The Seagate Replica external hard drive has a slim design, a nifty docking base (only with the $200 500GB multi-PC version; the 250GB drive costs $130; prices are as of August 31, 2009), and simple software for performing continuous system backups. In most scenarios, the Replica handles backups with ease, with hardly any intervention.
The premise underlying the Replica–and the Rebit 500GB Appliance, whose software it uses–is straightforward: Attach the Replica drive to your PC, and the Replica will install some software on your PC and then automatically replicate your drive’s contents, including all system files. If you want to use the Replica for system recovery, you may need to configure the system that will accept the restored data to match the one that the Replica is tied to. After it completes its initial backup (which may take a long time, depending on how much content your have), the Replica drive will continue to protect your data in real time, as long as the drive remains connected. (For a detailed discussion of different approaches to data and system backups, see “7 Backup Strategies for Your Data, Multimedia, and System Files.”)
The Replica operates in the background, backing up your files invisibly and using its own subtle interface within Windows Explorer to give you access to your files. That said, the Replica is no PC answer to Apple’s Time Machine/Time Capsule one-two punch.
The hardware has no buttons and requires little babysitting. An inch-plus blue LED status light flashes to indicate that the drive is in use, and the back panel includes a mini-USB port (the USB port plugs into the dock so the unit can stand vertically; however, the dock requires two USB ports instead of just one for power). You don’t have to launch software or a menu to view the Replica or to see the drive’s status; instead, you right-click the drive’s icon in the System Tray to view the handful of available options (Open, Safely Disconnect, Help, Select Password, Remove a PC, Select Drives to Backup, Properties, Check for Update). A pop-up window hovers over the System Tray icon when you mouse over the area, so you can check the drive’s status.
If you’re looking for a hands-off, thoughts-off backup process, then Seagate’s Replica may be a good match. You don’t have to select files in advance; the Replica simply backs up your entire system (space allowing), and then tracks and saves subsequent changes.
We were generally impressed with the low profile of the Replica software, which installs itself on your system when you first plug the drive in, and then (with your permission) remains in place on every PC you load it onto. The only signs of it are a shortcut on the desktop (deletable, since the drive also appears as a removable drive under Explorer) and an unobtrusive system tray icon. Alas, Seagate undermines this clean effect by peppering you with tiresome pop-up reminders from the system tray app, informing you that the Replica isn’t present (which you already know if you’ve removed it for safekeeping).
Though the Replica software is barely visible, four processes run in the background–to facilitate auto-play, monitoring files, backing up, and the system tray applet–whether the drive is present or not. We usually don’t favor software that uses lots of processes, since their cumulative effect is to slow down the system; but in this case, we noticed no performance degradation. The background apps proved their worth by restarting the initial backup without any user intervention after we deliberately pulled the power plug before Windows had properly shut down.
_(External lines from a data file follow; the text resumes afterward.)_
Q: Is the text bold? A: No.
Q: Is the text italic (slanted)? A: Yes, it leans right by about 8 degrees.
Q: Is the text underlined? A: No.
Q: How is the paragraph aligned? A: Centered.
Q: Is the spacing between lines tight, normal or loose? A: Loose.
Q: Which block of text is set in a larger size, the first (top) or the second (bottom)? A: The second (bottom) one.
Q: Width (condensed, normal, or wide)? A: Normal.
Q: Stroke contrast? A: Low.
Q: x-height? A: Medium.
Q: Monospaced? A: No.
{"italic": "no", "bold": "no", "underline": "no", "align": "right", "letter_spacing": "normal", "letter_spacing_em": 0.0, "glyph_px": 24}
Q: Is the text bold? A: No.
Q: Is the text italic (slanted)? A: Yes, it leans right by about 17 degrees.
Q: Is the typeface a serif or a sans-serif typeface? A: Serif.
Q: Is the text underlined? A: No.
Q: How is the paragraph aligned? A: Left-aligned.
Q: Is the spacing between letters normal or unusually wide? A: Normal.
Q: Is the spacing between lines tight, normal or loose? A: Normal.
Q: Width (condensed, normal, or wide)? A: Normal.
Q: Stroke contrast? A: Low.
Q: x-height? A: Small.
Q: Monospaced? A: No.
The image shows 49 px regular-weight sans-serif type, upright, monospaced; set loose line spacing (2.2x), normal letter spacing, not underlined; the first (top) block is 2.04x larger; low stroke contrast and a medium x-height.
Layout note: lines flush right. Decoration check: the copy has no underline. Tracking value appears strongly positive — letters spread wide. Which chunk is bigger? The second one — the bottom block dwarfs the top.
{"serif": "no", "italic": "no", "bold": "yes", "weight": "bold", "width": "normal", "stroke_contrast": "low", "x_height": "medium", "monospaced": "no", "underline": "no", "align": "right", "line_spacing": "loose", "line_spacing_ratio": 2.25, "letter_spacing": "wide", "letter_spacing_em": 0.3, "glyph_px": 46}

To restore files, you browse the Replica and copy the desired files. The Replica software must be installed, however, or the data will come out as gobbledygook. You also get a Linux-based disaster recovery CD for restoring your system–a valuable feature that many similar products lack.
The Replica provides password protection, too, assigning passwords on a per computer basis. As a result, if you back up your main machine and assign it a password, you can still use the drive to back up other PCs with or without their own passwords.
Seagate’s minimalist approach isn’t always successful. For example, because the Replica isn’t a stand-alone hard drive, it doesn’t appear in Windows Explorer as a drive letter device. Instead, it shows as its name, simply ‘Seagate Replica’. Click on that icon, and you’ll see icons representing the volume names of each PC you’ve backed up. But users rarely get to change a system’s volume name. For example, the Replica recorded our MSI Wind netbook’s name as ‘YOUR-DC685EFCD2’, and we couldn’t rename it something clearer. Within the system volume, you’ll see the C: drive, plus shortcuts to your content in Desktop and in My Documents.
The Replica environment is so similar to Explorer that you’re likely to expect such Explorer features as the ability to check for file properties. The Replica Explorer view does let you hover over a file and see not just the usual info of file size, but also how many versions are backed up and when the last Replica backup occurred. To open or copy a file, right-click it.
On our system, the status LED seemed to stay on constantly–even when I wasn’t using it but was actively creating files I’d have thought needed backing up. Though the incessant flashing annoyed us, we were even more perturbed that the drive’s ongoing, no-interference necessary backup had no manual pause, which in turn made disconnecting the Replica problematic (we received messages saying that the device was still in use and couldn’t be safely ended at the moment).
The Seagate Replica is a slickly designed product, though it does have some rough spots. All in all, it out-Rebits the Rebit, thanks to support for multiple PCs and a more-attractive design in a smaller package. Because it makes backup so easy, it’s our pick for most users looking for automated backup hardware.